Previously unreported details of the breach have become known thanks to a private February report by the Northern California Regional Intelligence Centre seen by the outlet.
On 15 January, the hacker, armed with a former employee's TeamViewer username and password, which enables users to remotely control computers, reportedly logged in and deleted programmes that the water plant used to treat drinking water. After the hack was discovered the following day, the facility changed its passwords and reinstalled the programmes.
"No failures were reported as a result of this incident, and no individuals in the city reported illness from water-related failures," stated the report.
The report comes as a growing number of cyberattacks on US water infrastructure have been making headlines. Another hacker who accessed a TeamViewer account raised lye levels in the drinking water to poisonous levels in Oldsmar, Florida just weeks after the San Francisco Bay Area incident.
#Hacker Alters Chemical Levels at US City's Water Treatment Plant: https://t.co/7K7l7dyBbe#internetsecurity #onlinesecurity #cyberattack #cybercrime #cybersecurity #webdev #fintech #infosec #devops #datasecurity #softwaresecurity #netsec #vulnerabilities #cybernews #hacking pic.twitter.com/9c9plXptjE— SecAlerts (@SecAlertsCo) February 9, 2021
On that occasion, an employee was quick to notice the computer's mouse moving on its own and averted further damage. Currently, the Bay Area breach is still under FBI investigation.
It's possible to buy login details on the dark web, said Kent Backman, a researcher at the cybersecurity company Dragos, cited by the outlet.
Water supplies, according to experts cited by the outlet, are very vulnerable to hackers, and successfully poisoning them is a potentially easy way to harm large group of people.
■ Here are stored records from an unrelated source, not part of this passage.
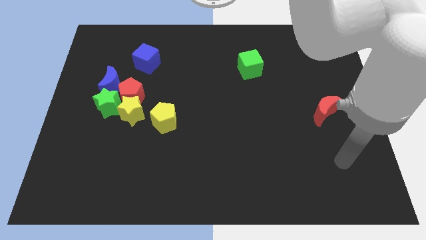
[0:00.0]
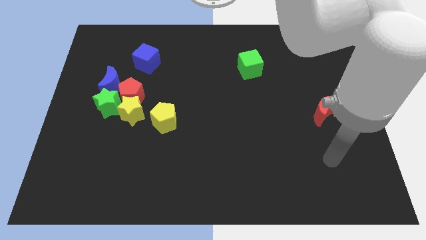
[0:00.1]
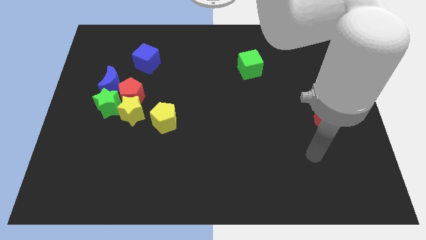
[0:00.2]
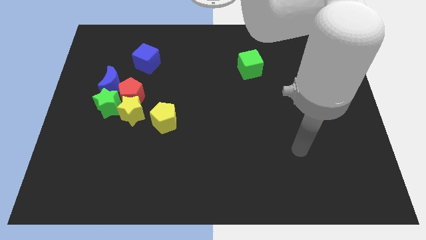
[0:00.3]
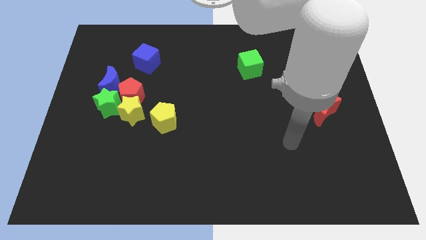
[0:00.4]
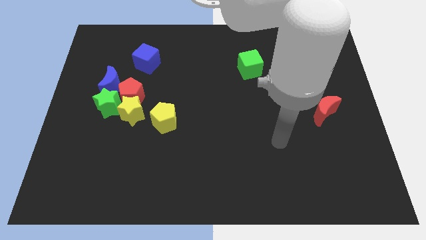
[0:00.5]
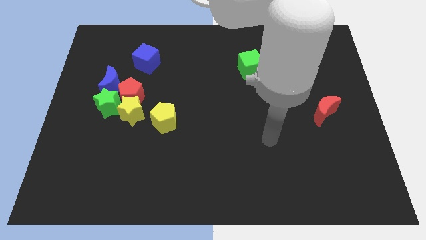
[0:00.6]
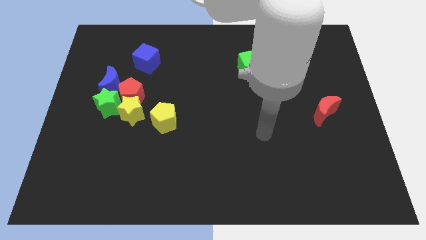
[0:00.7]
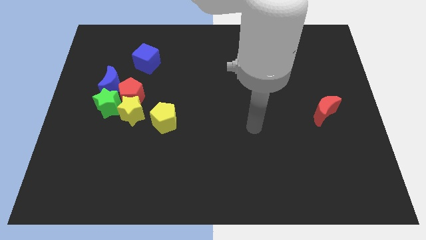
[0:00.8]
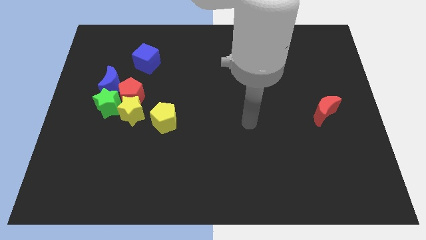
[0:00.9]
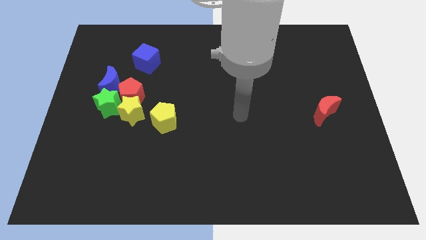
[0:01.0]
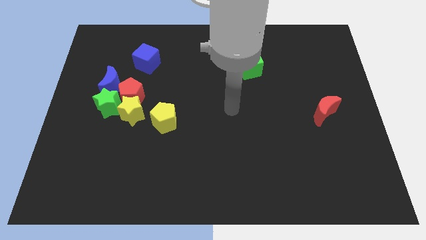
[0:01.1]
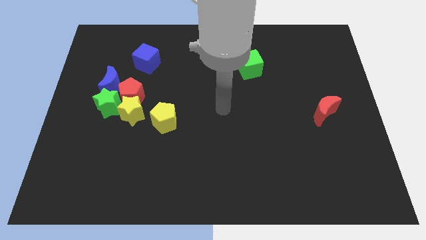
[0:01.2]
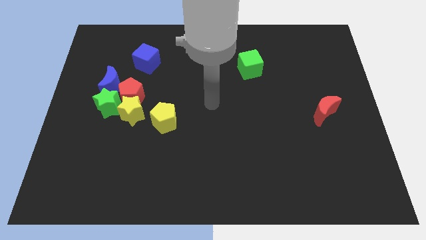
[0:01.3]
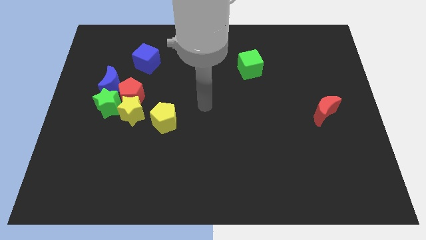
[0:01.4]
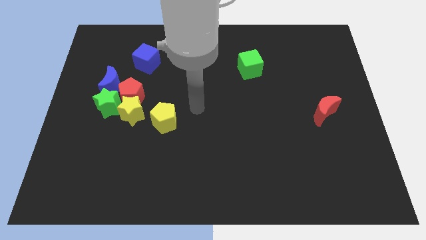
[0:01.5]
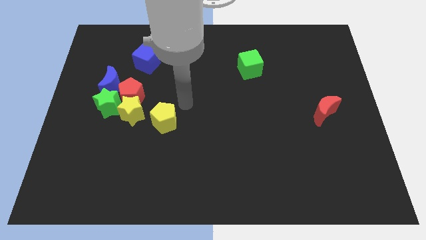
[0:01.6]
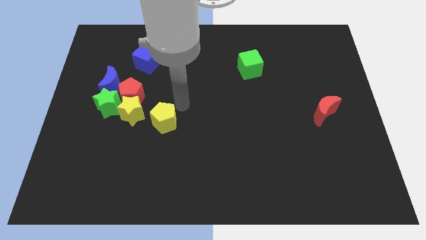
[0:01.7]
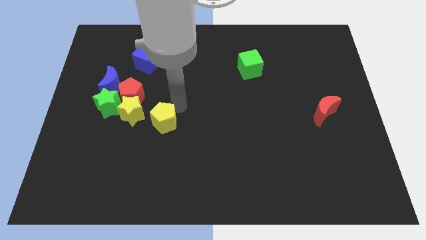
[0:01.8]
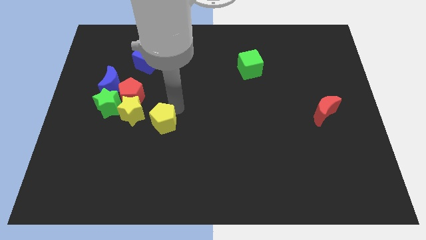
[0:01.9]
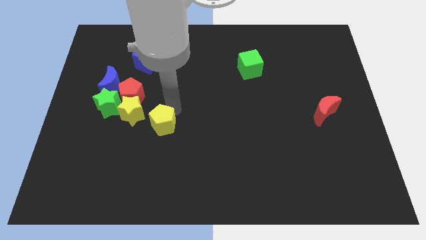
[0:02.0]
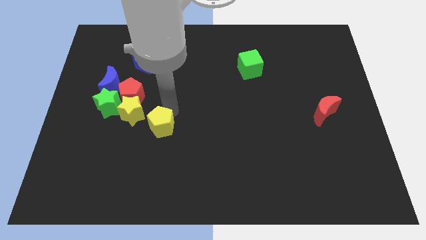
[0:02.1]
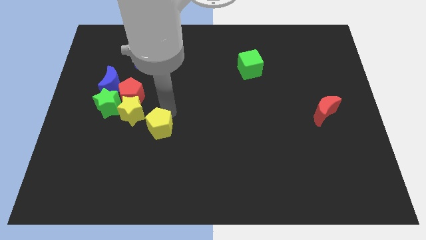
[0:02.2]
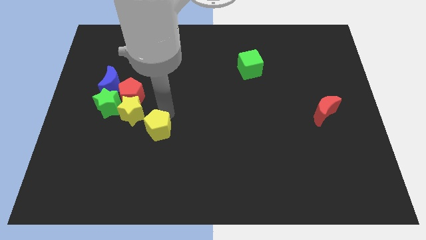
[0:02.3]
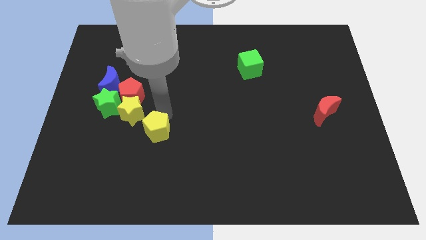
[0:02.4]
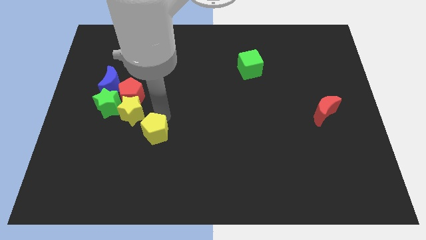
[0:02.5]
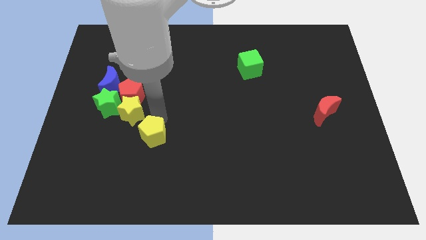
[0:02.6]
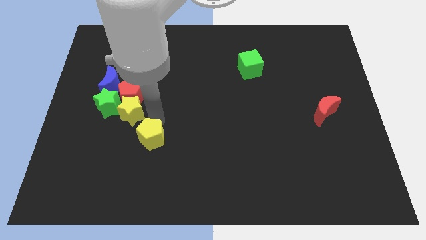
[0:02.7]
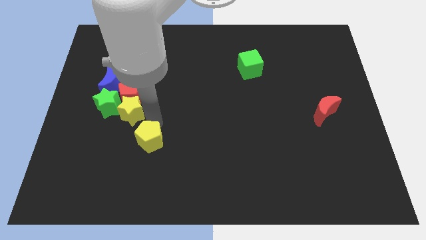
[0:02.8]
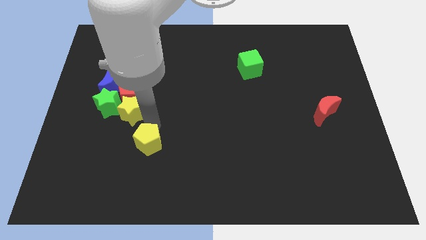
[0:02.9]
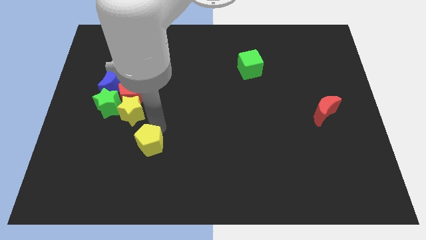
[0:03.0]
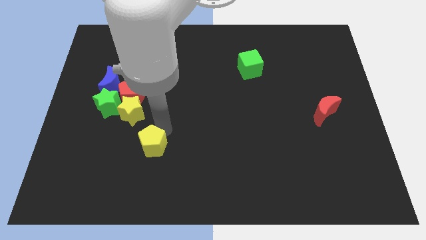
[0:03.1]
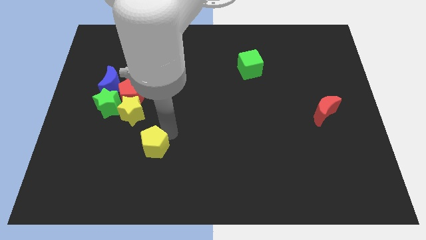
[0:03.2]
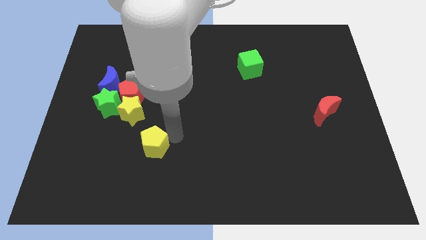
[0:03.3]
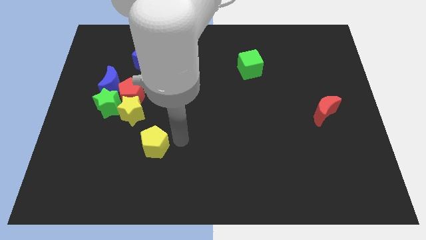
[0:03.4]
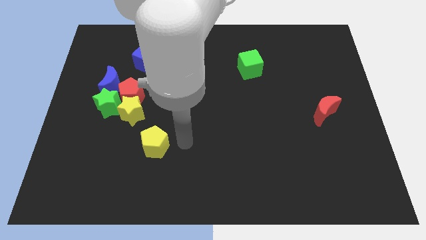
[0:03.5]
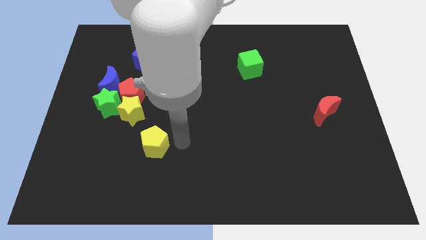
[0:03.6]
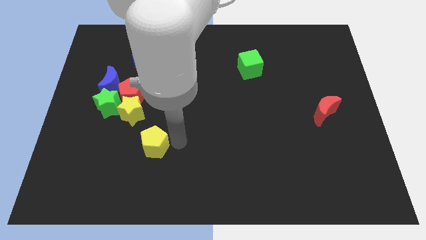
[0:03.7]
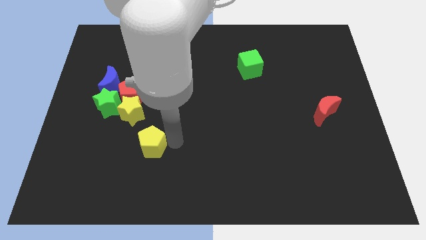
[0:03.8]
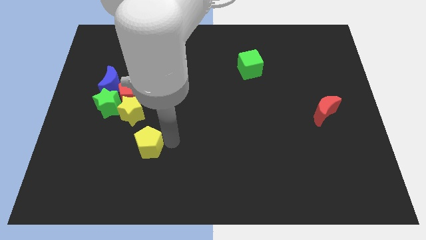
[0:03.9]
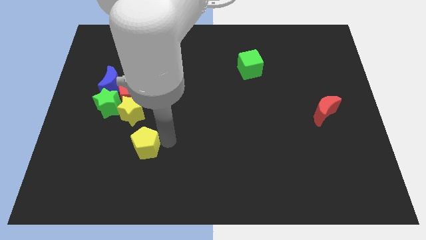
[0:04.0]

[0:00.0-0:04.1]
slightly move the yellow pentagon down and left

While American water infrastructure has built-in security, it's lacking centralisation, unlike the electric grid, claim cybersecurity experts. As a result, they believe a large-scale water hack is unlikely.
Water facilities are largely run by nonprofit entities, with rural areas often getting water from small plants run by a handful of employees. Nevertheless, the experts say there's no straightforward protocol to safeguard water facilities.
"If you could imagine a community centre run by two old guys who are plumbers, that's your average water plant," said Bryson Bort, a consultant on industrial cybersecurity systems.
Furthermore, experts say that smaller scale facilities might not even be aware they have been hacked. Or, if they are, they are often unwilling to inform the federal government and their customers.
In light of the recent heightened cybersecurity threats cited by the administration of US President Joe Biden, the White House intends to launch a voluntary cybersecurity collaboration between the federal government and water facilities, a spokesperson said.
Nevertheless, sources say no government initiatives can offer ultimate guarantees of safety for American water from hacker attacks.